I am trying to loop through a large address data set(300,000+ lines) based on a common factor for each observation, ID2. This data set contains addresses from two different sources, and I am trying to find matches between them. To determine this match, I want to loop through each ID2 as a factor and search for a line from each of the two data sets (building and property data sets) Here is a picture of my desire output Picture of desired output Here is a sample code of what I have tried
PROPERTYNAME=c("Vista 1","Vista 1","Vista 1","Chesnut Street","Apple
Street","Apple Street")
CITY=c("Pittsburgh","Pittsburgh","Pittsburgh","Boston","New York","New
York")
STATE= c("PA","PA","PA","MA","NY","NY")
ID2=c(1,1,1,2,3,3)
IsBuild=c(1,0,0,0,1,1)
IsProp=c(0,1,1,1,0,0)
df=data.frame(PROPERTYNAME,CITY,STATE,ID2,IsBuild,IsProp)

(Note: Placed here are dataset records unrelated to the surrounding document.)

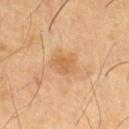Assessment: Captured during whole-body skin photography for melanoma surveillance; the lesion was not biopsied. Image and clinical context: The lesion is on the leg. Cropped from a total-body skin-imaging series; the visible field is about 15 mm. An algorithmic analysis of the crop reported an area of roughly 5.5 mm² and a shape eccentricity near 0.7. The software also gave an average lesion color of about L≈62 a*≈22 b*≈40 (CIELAB), a lesion–skin lightness drop of about 8, and a lesion-to-skin contrast of about 6 (normalized; higher = more distinct). The software also gave border irregularity of about 2 on a 0–10 scale and a color-variation rating of about 2/10. The patient is a male aged approximately 65. The tile uses cross-polarized illumination.
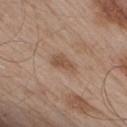body site=the right upper arm
imaging modality=total-body-photography crop, ~15 mm field of view
lighting=white-light
size=~3.5 mm (longest diameter)
subject=male, aged around 55
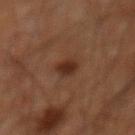• follow-up: catalogued during a skin exam; not biopsied
• location: the mid back
• subject: male, in their 60s
• image source: total-body-photography crop, ~15 mm field of view
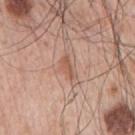Part of a total-body skin-imaging series; this lesion was reviewed on a skin check and was not flagged for biopsy. Approximately 3 mm at its widest. A roughly 15 mm field-of-view crop from a total-body skin photograph. The lesion is located on the arm. Automated tile analysis of the lesion measured an area of roughly 3.5 mm², an eccentricity of roughly 0.9, and two-axis asymmetry of about 0.45. And it measured border irregularity of about 5 on a 0–10 scale, a within-lesion color-variation index near 0.5/10, and peripheral color asymmetry of about 0. A male subject, about 65 years old. Captured under white-light illumination.
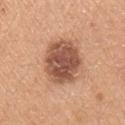Impression: Imaged during a routine full-body skin examination; the lesion was not biopsied and no histopathology is available. Context: Located on the right upper arm. The total-body-photography lesion software estimated an area of roughly 20 mm², an eccentricity of roughly 0.4, and two-axis asymmetry of about 0.1. It also reported a mean CIELAB color near L≈53 a*≈23 b*≈31 and a normalized border contrast of about 10. The software also gave border irregularity of about 1.5 on a 0–10 scale and radial color variation of about 1.5. A roughly 15 mm field-of-view crop from a total-body skin photograph. Captured under white-light illumination. A male patient aged around 20. The recorded lesion diameter is about 5.5 mm.
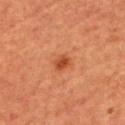Impression: Captured during whole-body skin photography for melanoma surveillance; the lesion was not biopsied. Image and clinical context: The recorded lesion diameter is about 2.5 mm. The lesion is on the front of the torso. A 15 mm close-up extracted from a 3D total-body photography capture. A male subject approximately 65 years of age.
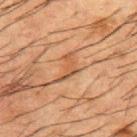location: the upper back | lighting: cross-polarized | patient: male, aged approximately 50 | image: ~15 mm tile from a whole-body skin photo.
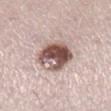{
  "biopsy_status": "not biopsied; imaged during a skin examination",
  "lesion_size": {
    "long_diameter_mm_approx": 4.5
  },
  "image": {
    "source": "total-body photography crop",
    "field_of_view_mm": 15
  },
  "patient": {
    "sex": "female",
    "age_approx": 40
  },
  "site": "right lower leg",
  "lighting": "white-light",
  "automated_metrics": {
    "vs_skin_darker_L": 20.0,
    "border_irregularity_0_10": 2.5,
    "color_variation_0_10": 9.5
  }
}
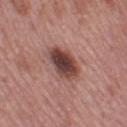Q: Is there a histopathology result?
A: imaged on a skin check; not biopsied
Q: How was this image acquired?
A: 15 mm crop, total-body photography
Q: Lesion size?
A: ~4.5 mm (longest diameter)
Q: Who is the patient?
A: female, about 50 years old
Q: What is the anatomic site?
A: the leg
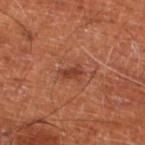follow-up — imaged on a skin check; not biopsied
lesion size — ≈2.5 mm
acquisition — 15 mm crop, total-body photography
anatomic site — the left lower leg
patient — in their mid-60s
tile lighting — cross-polarized illumination
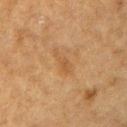workup = no biopsy performed (imaged during a skin exam) | lighting = cross-polarized illumination | site = the right upper arm | imaging modality = total-body-photography crop, ~15 mm field of view | lesion size = about 4 mm | subject = male, in their mid-70s.
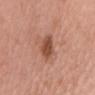The lesion was tiled from a total-body skin photograph and was not biopsied. The subject is a female in their 50s. Longest diameter approximately 3 mm. Automated image analysis of the tile measured an automated nevus-likeness rating near 80 out of 100 and lesion-presence confidence of about 100/100. A close-up tile cropped from a whole-body skin photograph, about 15 mm across. Captured under white-light illumination. The lesion is on the head or neck.
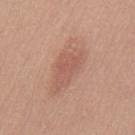Findings:
– notes — no biopsy performed (imaged during a skin exam)
– location — the mid back
– patient — male, roughly 30 years of age
– imaging modality — 15 mm crop, total-body photography
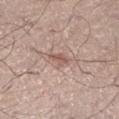Recorded during total-body skin imaging; not selected for excision or biopsy. The tile uses white-light illumination. The lesion's longest dimension is about 2.5 mm. A male patient, approximately 55 years of age. Cropped from a whole-body photographic skin survey; the tile spans about 15 mm.
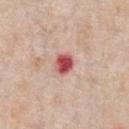The lesion was photographed on a routine skin check and not biopsied; there is no pathology result.
A close-up tile cropped from a whole-body skin photograph, about 15 mm across.
The patient is a male in their 60s.
The lesion is located on the front of the torso.
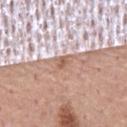Impression: Recorded during total-body skin imaging; not selected for excision or biopsy. Background: A male subject, about 55 years old. This is a white-light tile. Measured at roughly 2.5 mm in maximum diameter. Cropped from a total-body skin-imaging series; the visible field is about 15 mm. Automated image analysis of the tile measured a lesion area of about 3.5 mm². It also reported a classifier nevus-likeness of about 0/100 and a lesion-detection confidence of about 90/100. Located on the chest.
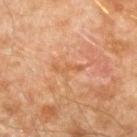Impression:
This lesion was catalogued during total-body skin photography and was not selected for biopsy.
Context:
Automated tile analysis of the lesion measured an area of roughly 2 mm² and a shape eccentricity near 0.95. The software also gave a classifier nevus-likeness of about 0/100 and lesion-presence confidence of about 100/100. This image is a 15 mm lesion crop taken from a total-body photograph. The tile uses cross-polarized illumination. The lesion is on the right forearm. A male subject in their mid-40s.
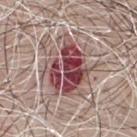| field | value |
|---|---|
| notes | imaged on a skin check; not biopsied |
| location | the chest |
| image-analysis metrics | an area of roughly 42 mm² and a shape eccentricity near 0.4 |
| imaging modality | total-body-photography crop, ~15 mm field of view |
| lesion size | ≈8.5 mm |
| patient | male, in their 70s |
| lighting | white-light illumination |
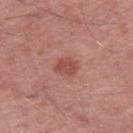{
  "biopsy_status": "not biopsied; imaged during a skin examination",
  "patient": {
    "sex": "male",
    "age_approx": 80
  },
  "image": {
    "source": "total-body photography crop",
    "field_of_view_mm": 15
  },
  "lighting": "white-light",
  "site": "right thigh",
  "automated_metrics": {
    "area_mm2_approx": 4.5,
    "eccentricity": 0.6,
    "shape_asymmetry": 0.2,
    "border_irregularity_0_10": 2.0,
    "color_variation_0_10": 1.5,
    "peripheral_color_asymmetry": 0.5,
    "lesion_detection_confidence_0_100": 100
  }
}
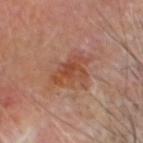follow-up = imaged on a skin check; not biopsied
imaging modality = ~15 mm tile from a whole-body skin photo
patient = male, aged approximately 60
size = ≈4 mm
anatomic site = the head or neck
illumination = cross-polarized illumination
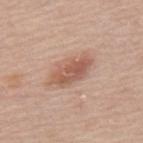Assessment: Recorded during total-body skin imaging; not selected for excision or biopsy. Acquisition and patient details: The subject is a female in their mid- to late 60s. An algorithmic analysis of the crop reported a border-irregularity rating of about 3/10. Captured under white-light illumination. The lesion is located on the mid back. A lesion tile, about 15 mm wide, cut from a 3D total-body photograph.
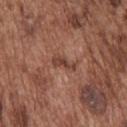Imaged with white-light lighting. Cropped from a total-body skin-imaging series; the visible field is about 15 mm. The lesion is located on the upper back. The subject is a male approximately 75 years of age. An algorithmic analysis of the crop reported a shape eccentricity near 0.95 and two-axis asymmetry of about 0.45. And it measured a lesion color around L≈42 a*≈23 b*≈27 in CIELAB, about 9 CIELAB-L* units darker than the surrounding skin, and a normalized border contrast of about 7.5. It also reported border irregularity of about 5.5 on a 0–10 scale, a color-variation rating of about 0.5/10, and peripheral color asymmetry of about 0. The software also gave an automated nevus-likeness rating near 0 out of 100.

for(i in levels(as.factor(df$ID2))){
for(row in 1:nrow(df)){
df$Any_Build[row][i]<-ifelse(as.numeric(df$IsBuild[row][i])==1)
df$Any_Prop[row][i]<-ifelse(as.numeric(df$IsProp[row][i])==1)
}
}
I've tried nested for loops but have had no luck and am struggling with the apply functions of r. I would appreciate any help. Thank you!